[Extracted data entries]
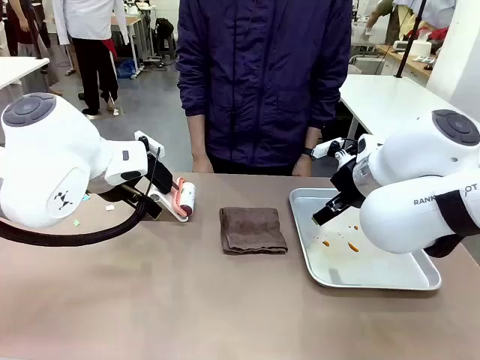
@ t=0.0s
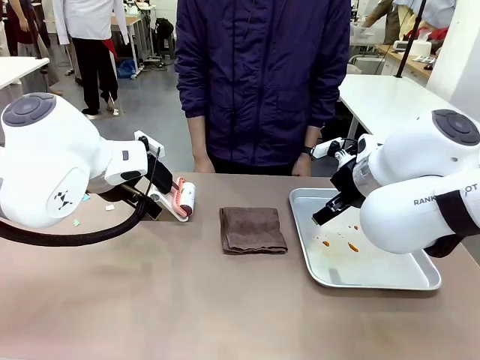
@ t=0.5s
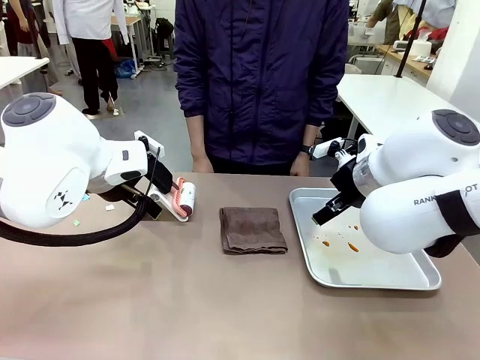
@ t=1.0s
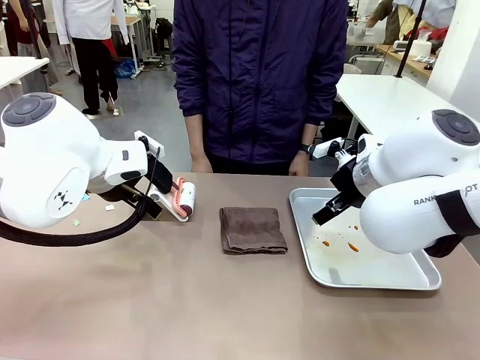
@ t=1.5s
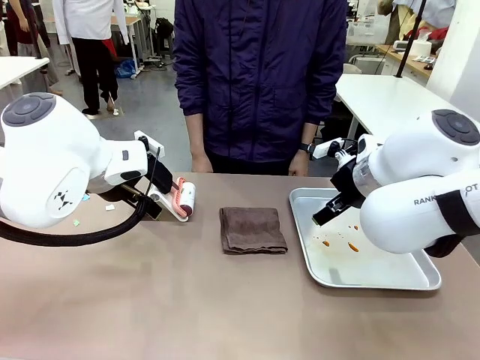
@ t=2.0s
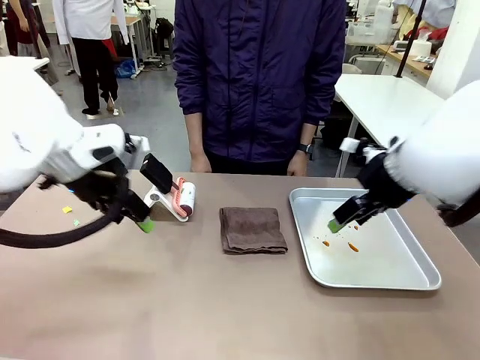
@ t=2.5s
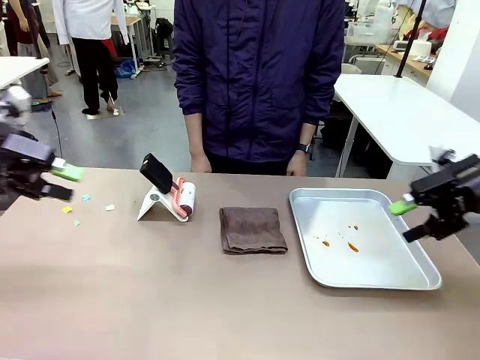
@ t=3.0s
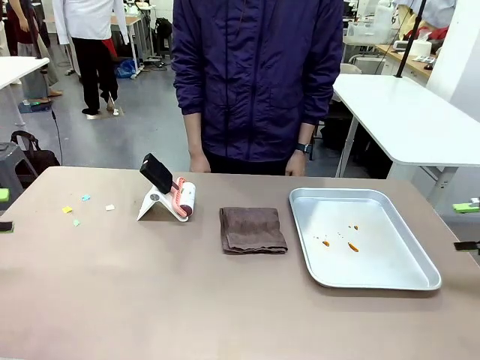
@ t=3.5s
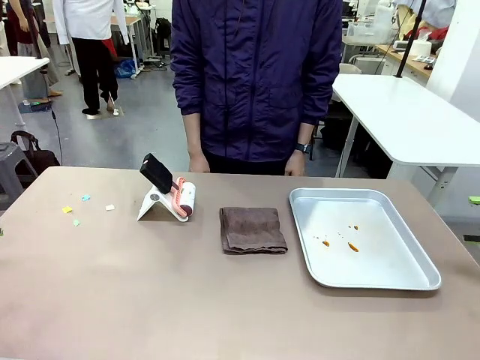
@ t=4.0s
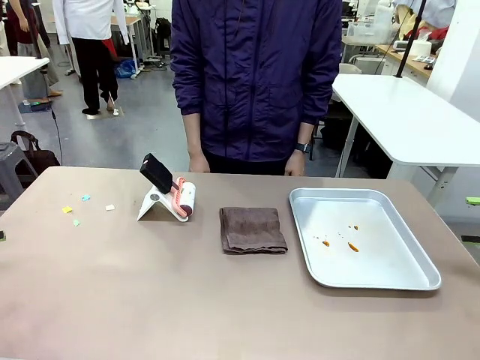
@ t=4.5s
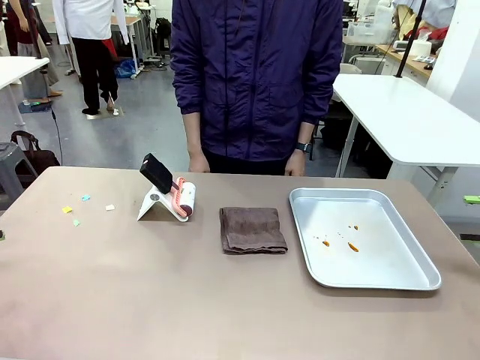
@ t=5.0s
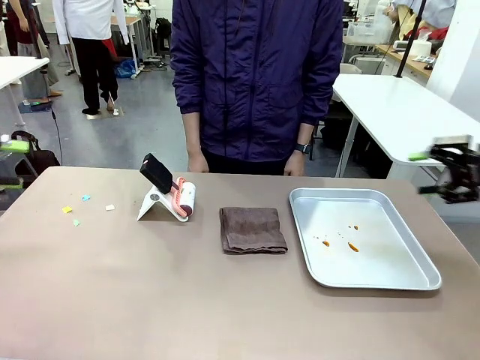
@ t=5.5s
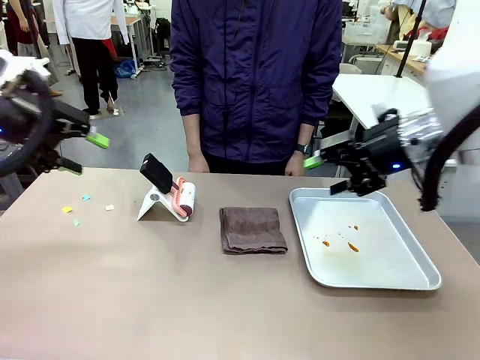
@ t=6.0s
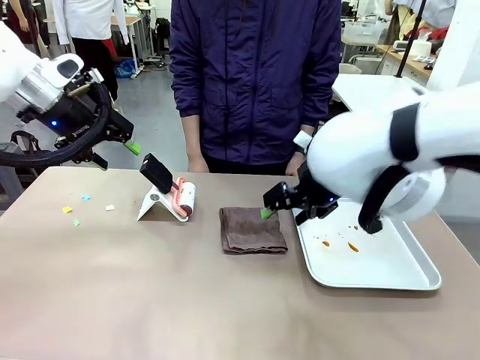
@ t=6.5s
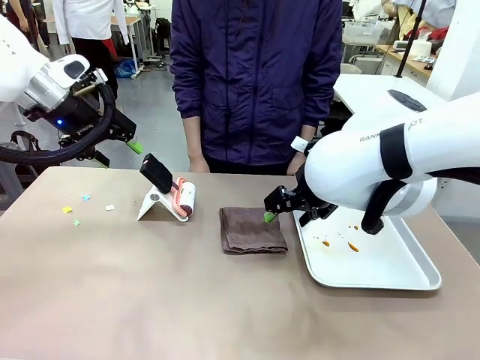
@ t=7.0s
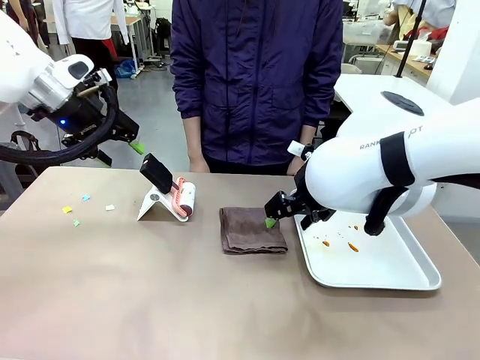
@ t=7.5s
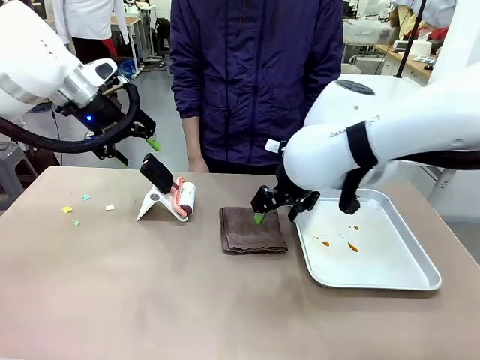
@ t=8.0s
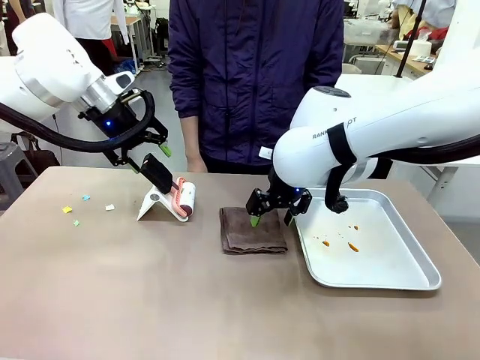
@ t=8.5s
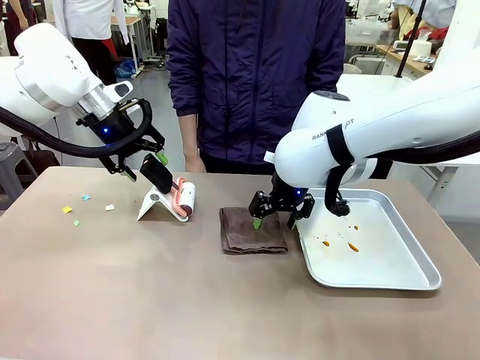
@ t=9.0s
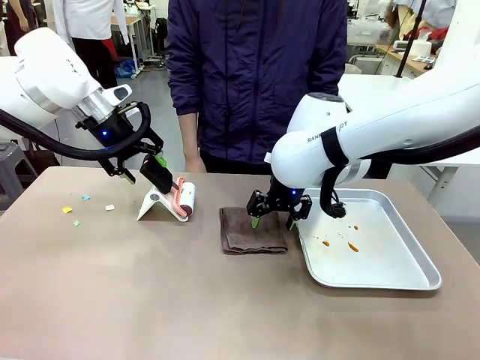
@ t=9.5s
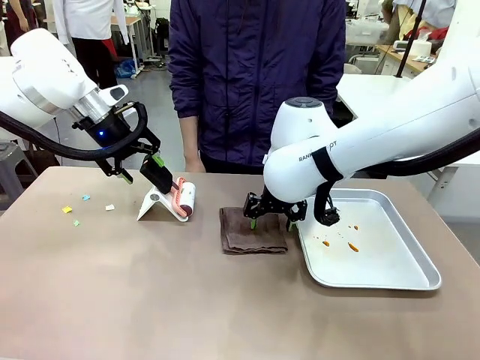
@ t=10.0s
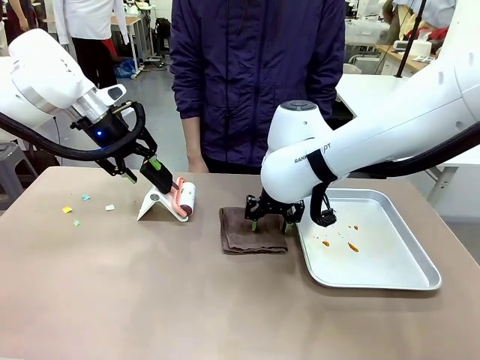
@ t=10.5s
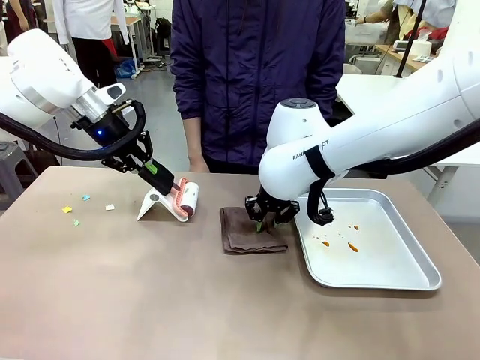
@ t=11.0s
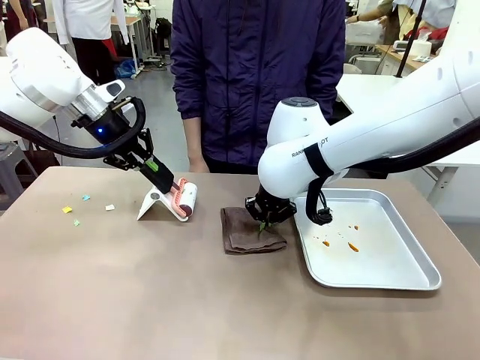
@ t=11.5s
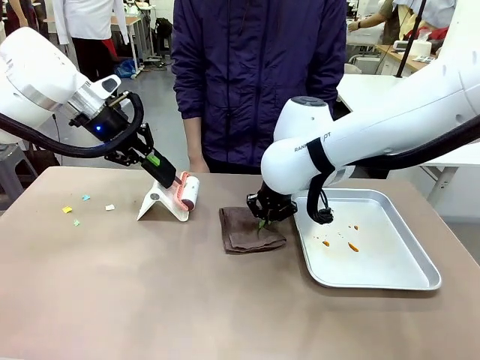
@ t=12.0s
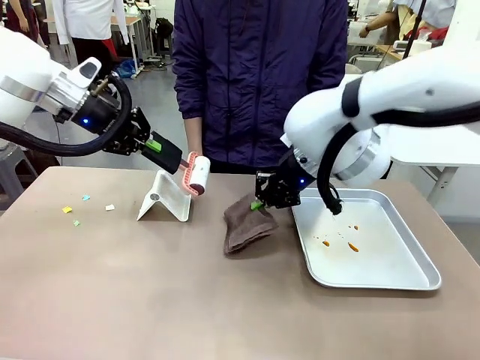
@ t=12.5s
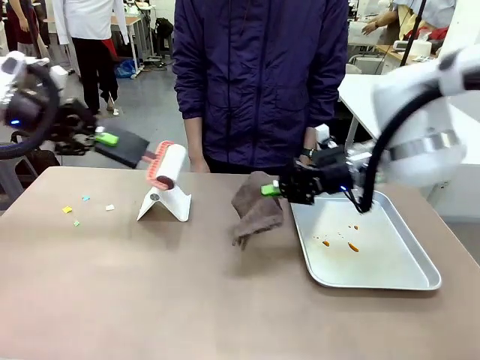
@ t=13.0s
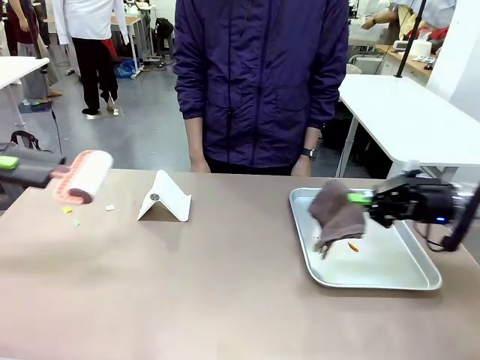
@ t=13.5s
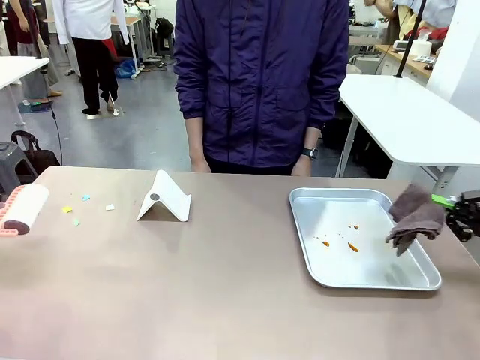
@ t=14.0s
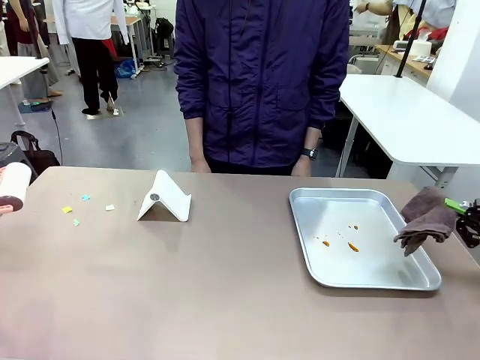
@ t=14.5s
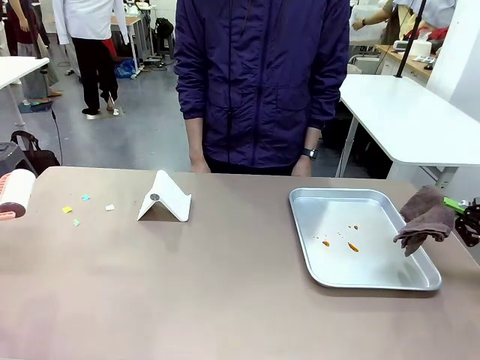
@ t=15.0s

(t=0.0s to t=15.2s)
Task: Clean the surface of the table.
Robot: Hold the Lint Roller with your left hand and the towel with your right hand.

Your objective: Copy each line of the records above exactly as written. Do not carry over any picture.

Result of this task:
@ t=0.0s
@ t=0.5s
@ t=1.0s
@ t=1.5s
@ t=2.0s
@ t=2.5s
@ t=3.0s
@ t=3.5s
@ t=4.0s
@ t=4.5s
@ t=5.0s
@ t=5.5s
@ t=6.0s
@ t=6.5s
@ t=7.0s
@ t=7.5s
@ t=8.0s
@ t=8.5s
@ t=9.0s
@ t=9.5s
@ t=10.0s
@ t=10.5s
@ t=11.0s
@ t=11.5s
@ t=12.0s
@ t=12.5s
@ t=13.0s
@ t=13.5s
@ t=14.0s
@ t=14.5s
@ t=15.0s

(t=0.0s to t=15.2s)
Task: Clean the surface of the table.
Robot: Hold the Lint Roller with your left hand and the towel with your right hand.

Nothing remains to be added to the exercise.